• Exercise:
Check each line of the data, and copy those where "shrubs" appears.

• Records from a collection:
⟨
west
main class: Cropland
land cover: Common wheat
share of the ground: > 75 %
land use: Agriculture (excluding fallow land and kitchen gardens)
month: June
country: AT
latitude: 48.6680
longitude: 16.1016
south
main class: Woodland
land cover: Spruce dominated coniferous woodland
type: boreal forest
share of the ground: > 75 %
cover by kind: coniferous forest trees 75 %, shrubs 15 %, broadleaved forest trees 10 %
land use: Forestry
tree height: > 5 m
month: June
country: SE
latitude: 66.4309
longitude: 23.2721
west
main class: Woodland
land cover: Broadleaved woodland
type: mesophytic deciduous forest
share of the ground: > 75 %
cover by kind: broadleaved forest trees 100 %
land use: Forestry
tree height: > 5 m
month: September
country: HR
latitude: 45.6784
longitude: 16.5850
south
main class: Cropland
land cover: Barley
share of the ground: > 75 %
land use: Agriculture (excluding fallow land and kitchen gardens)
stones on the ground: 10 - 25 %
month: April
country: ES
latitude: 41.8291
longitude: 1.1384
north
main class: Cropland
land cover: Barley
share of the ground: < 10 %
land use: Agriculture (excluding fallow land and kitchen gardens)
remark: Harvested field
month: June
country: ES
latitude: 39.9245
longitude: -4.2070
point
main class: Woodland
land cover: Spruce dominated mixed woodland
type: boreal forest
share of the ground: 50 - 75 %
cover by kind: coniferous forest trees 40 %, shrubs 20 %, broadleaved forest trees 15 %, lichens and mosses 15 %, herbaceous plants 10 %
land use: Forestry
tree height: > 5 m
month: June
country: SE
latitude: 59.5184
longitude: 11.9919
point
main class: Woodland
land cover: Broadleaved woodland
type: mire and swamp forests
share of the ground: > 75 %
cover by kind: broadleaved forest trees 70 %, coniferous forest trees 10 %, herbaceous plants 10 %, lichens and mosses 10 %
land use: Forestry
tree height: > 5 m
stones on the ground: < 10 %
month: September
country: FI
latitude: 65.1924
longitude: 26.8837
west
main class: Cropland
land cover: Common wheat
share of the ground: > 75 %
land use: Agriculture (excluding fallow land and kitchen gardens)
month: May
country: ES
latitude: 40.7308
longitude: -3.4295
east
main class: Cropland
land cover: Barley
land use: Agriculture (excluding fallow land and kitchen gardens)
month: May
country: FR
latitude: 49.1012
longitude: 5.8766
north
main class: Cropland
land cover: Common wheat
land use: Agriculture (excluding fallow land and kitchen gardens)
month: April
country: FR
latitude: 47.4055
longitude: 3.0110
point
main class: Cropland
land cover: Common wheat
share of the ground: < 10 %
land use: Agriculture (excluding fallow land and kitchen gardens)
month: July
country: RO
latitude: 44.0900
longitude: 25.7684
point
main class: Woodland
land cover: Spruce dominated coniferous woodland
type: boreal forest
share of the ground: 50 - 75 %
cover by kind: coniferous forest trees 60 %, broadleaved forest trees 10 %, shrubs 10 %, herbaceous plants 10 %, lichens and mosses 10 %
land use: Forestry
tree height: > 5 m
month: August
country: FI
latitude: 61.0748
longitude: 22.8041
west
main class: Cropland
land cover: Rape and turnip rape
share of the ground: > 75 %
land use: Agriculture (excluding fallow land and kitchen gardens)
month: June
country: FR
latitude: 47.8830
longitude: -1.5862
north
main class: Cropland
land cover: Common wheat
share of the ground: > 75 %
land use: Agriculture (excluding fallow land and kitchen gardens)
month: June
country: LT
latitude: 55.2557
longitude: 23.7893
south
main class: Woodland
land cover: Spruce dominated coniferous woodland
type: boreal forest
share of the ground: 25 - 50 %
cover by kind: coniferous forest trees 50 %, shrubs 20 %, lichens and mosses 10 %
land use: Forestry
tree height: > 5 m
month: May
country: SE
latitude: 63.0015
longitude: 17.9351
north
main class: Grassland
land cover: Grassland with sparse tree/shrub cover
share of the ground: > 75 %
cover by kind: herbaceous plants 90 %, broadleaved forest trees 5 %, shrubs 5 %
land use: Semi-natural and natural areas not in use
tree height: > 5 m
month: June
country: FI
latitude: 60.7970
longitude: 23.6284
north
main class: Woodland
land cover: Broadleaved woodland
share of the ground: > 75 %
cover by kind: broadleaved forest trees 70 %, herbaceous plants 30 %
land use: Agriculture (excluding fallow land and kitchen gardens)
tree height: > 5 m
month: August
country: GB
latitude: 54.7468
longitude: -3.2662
⟩
• Written answer:
cover by kind: coniferous forest trees 75 %, shrubs 15 %, broadleaved forest trees 10 %
cover by kind: coniferous forest trees 40 %, shrubs 20 %, broadleaved forest trees 15 %, lichens and mosses 15 %, herbaceous plants 10 %
cover by kind: coniferous forest trees 60 %, broadleaved forest trees 10 %, shrubs 10 %, herbaceous plants 10 %, lichens and mosses 10 %
cover by kind: coniferous forest trees 50 %, shrubs 20 %, lichens and mosses 10 %
cover by kind: herbaceous plants 90 %, broadleaved forest trees 5 %, shrubs 5 %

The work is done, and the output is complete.